Military brothels () were set up by Nazi Germany during World War II throughout much of occupied Europe for the use of Wehrmacht and SS soldiers. These brothels were generally new creations, but in the west, they were sometimes set up using existing brothels as well as many other buildings. Until 1942, there were around 500 military brothels of this kind in German-occupied Europe. Often operating in confiscated hotels and guarded by the Wehrmacht, these facilities served travelling soldiers and those withdrawn from the front. According to records, at least 34,140 European women were forced to serve as prostitutes during the German occupation of their own countries along with female prisoners of concentration camp brothels.
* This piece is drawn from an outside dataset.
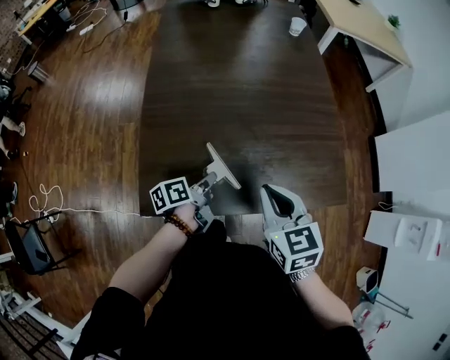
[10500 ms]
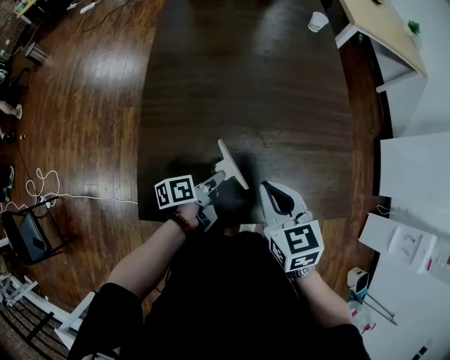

In many cases in Eastern Europe, teenage girls and women were kidnapped on the streets of occupied cities during German military and police round ups called  in Polish or  in French.

Eastern Europe 

The Foreign Ministry of the Polish Government in Exile issued a document on May 3, 1941, describing the mass kidnapping raids conducted in Polish cities with the aim of capturing young women for sexual slavery at brothels run by the German military. On top of that, Polish girls as young as 15 – classified as suitable for slave labor and shipped to Germany – were sexually exploited by German men. In Brandenburg, two Polish Ostarbeiter teens who returned home to Kraków in advanced stage of pregnancy, reported to have been raped by German soldiers with such frequency that they were unable to perform any of the worker's designated labour.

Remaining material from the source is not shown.